Supplied information START
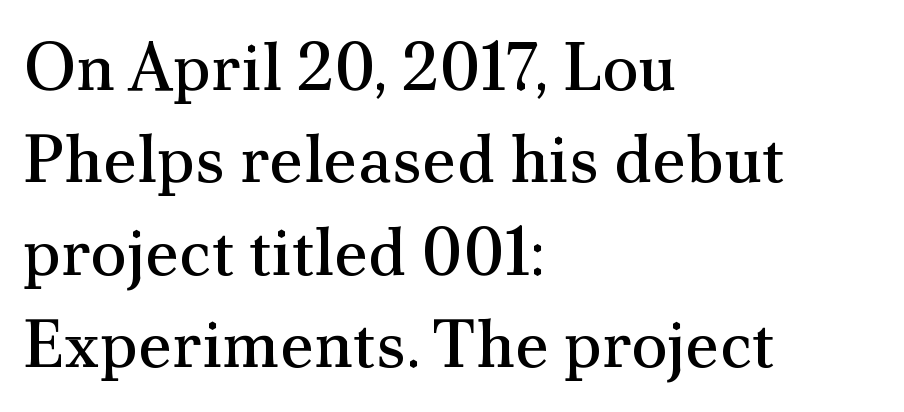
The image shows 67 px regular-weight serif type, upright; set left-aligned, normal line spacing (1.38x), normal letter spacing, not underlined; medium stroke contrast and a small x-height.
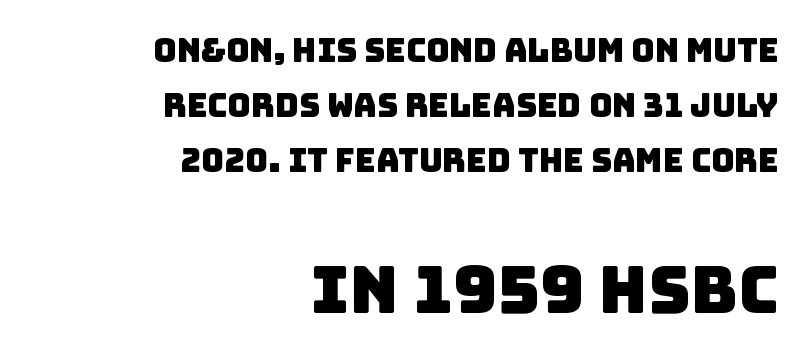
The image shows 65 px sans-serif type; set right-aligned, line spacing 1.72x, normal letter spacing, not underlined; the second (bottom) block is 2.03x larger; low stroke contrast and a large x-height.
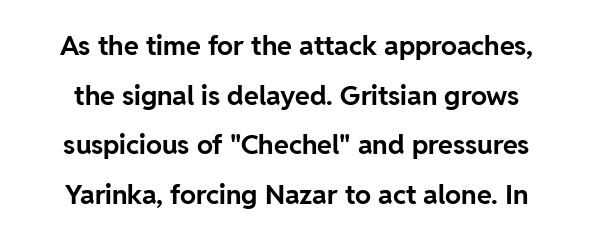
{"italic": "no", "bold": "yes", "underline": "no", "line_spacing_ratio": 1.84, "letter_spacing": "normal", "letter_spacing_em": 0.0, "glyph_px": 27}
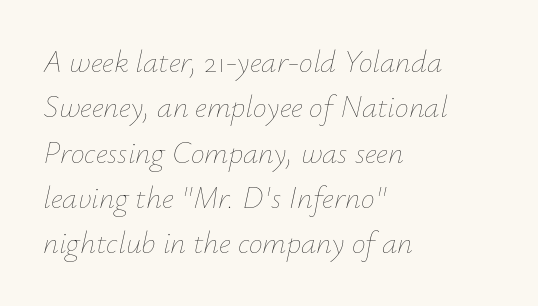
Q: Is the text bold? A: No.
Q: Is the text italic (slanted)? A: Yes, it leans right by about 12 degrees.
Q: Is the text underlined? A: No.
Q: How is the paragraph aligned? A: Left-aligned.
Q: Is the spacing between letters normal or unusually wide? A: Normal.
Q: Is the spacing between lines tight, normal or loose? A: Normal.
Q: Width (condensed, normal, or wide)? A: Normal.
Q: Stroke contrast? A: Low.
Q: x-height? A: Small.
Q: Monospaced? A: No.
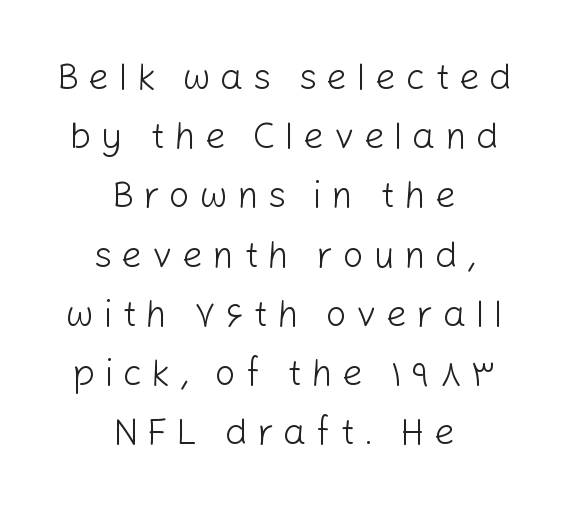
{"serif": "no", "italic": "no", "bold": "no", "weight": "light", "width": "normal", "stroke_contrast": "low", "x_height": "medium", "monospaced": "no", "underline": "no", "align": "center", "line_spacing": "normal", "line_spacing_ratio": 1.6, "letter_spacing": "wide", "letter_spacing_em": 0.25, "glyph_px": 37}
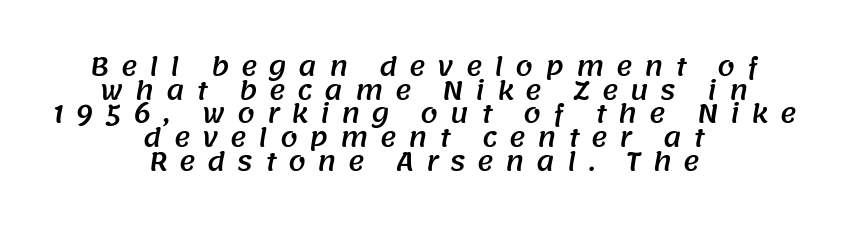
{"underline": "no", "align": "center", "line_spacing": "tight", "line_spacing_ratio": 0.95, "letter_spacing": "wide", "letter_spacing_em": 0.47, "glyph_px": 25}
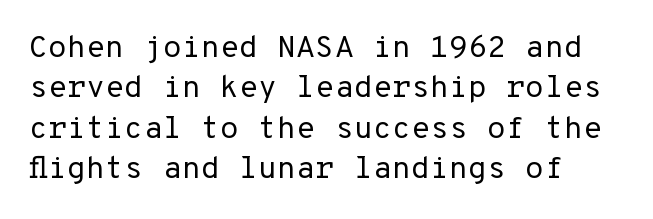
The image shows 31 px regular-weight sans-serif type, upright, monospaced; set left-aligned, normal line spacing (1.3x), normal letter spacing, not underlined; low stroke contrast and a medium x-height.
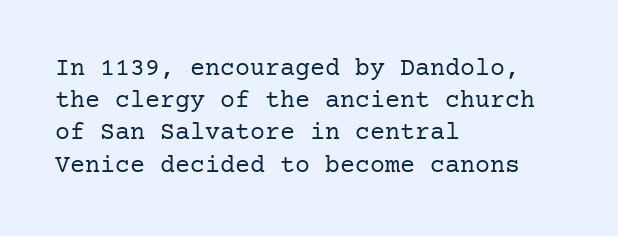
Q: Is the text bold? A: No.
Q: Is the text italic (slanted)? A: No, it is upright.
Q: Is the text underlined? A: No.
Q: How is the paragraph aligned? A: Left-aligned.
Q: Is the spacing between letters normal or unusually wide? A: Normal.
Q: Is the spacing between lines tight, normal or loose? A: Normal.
Supplied information END
Supplied information START
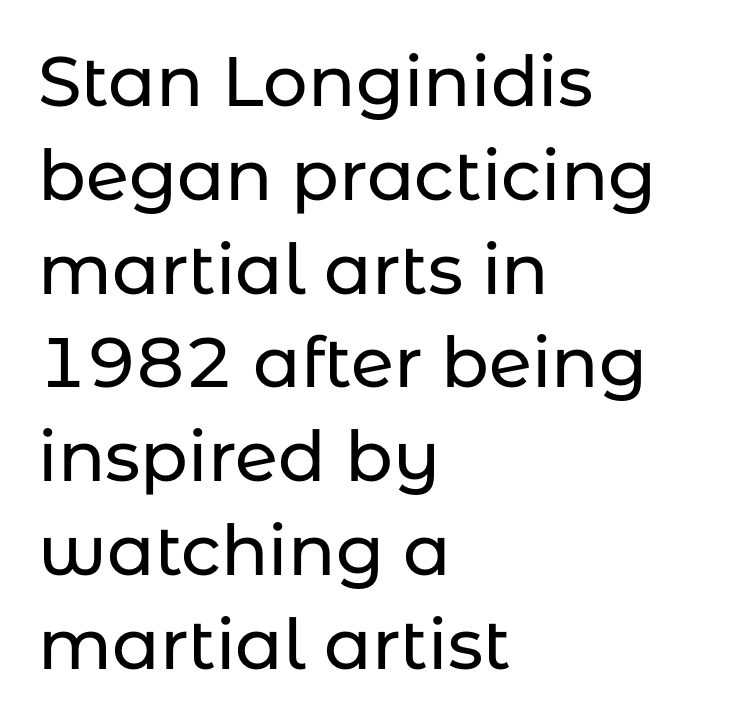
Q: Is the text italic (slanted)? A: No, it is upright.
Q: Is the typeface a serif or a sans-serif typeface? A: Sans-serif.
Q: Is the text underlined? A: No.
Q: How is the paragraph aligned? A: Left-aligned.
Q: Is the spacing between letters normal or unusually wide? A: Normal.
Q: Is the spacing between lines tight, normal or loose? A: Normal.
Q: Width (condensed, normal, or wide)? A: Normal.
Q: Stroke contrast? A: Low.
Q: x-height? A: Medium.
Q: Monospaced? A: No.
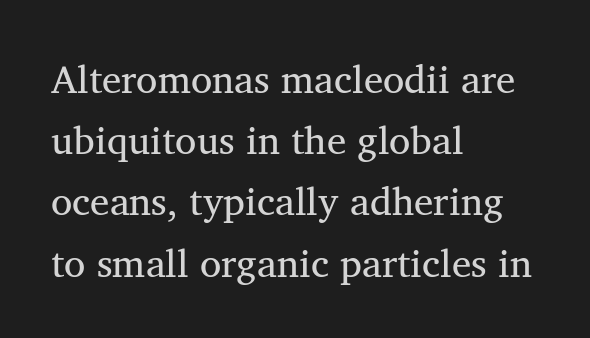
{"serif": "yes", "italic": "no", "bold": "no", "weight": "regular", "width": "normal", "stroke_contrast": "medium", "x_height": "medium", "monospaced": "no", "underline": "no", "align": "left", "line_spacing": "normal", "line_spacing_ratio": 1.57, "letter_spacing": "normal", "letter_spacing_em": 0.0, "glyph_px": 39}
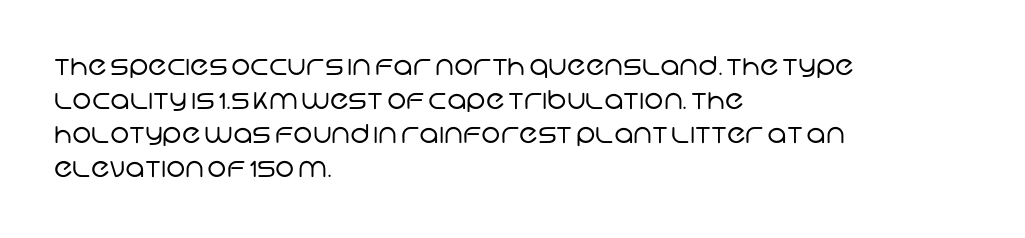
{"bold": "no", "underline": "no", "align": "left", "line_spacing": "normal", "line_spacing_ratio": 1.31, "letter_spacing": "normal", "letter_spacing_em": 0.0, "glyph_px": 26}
Supplied information END
→ **Task objective**
Pull together all lines from the data that mention the word "center".

→ **Task output**
{"serif": "no", "italic": "no", "bold": "no", "weight": "light", "width": "normal", "stroke_contrast": "low", "x_height": "medium", "monospaced": "no", "underline": "no", "align": "center", "line_spacing": "normal", "line_spacing_ratio": 1.6, "letter_spacing": "wide", "letter_spacing_em": 0.25, "glyph_px": 37}
{"underline": "no", "align": "center", "line_spacing": "tight", "line_spacing_ratio": 0.95, "letter_spacing": "wide", "letter_spacing_em": 0.47, "glyph_px": 25}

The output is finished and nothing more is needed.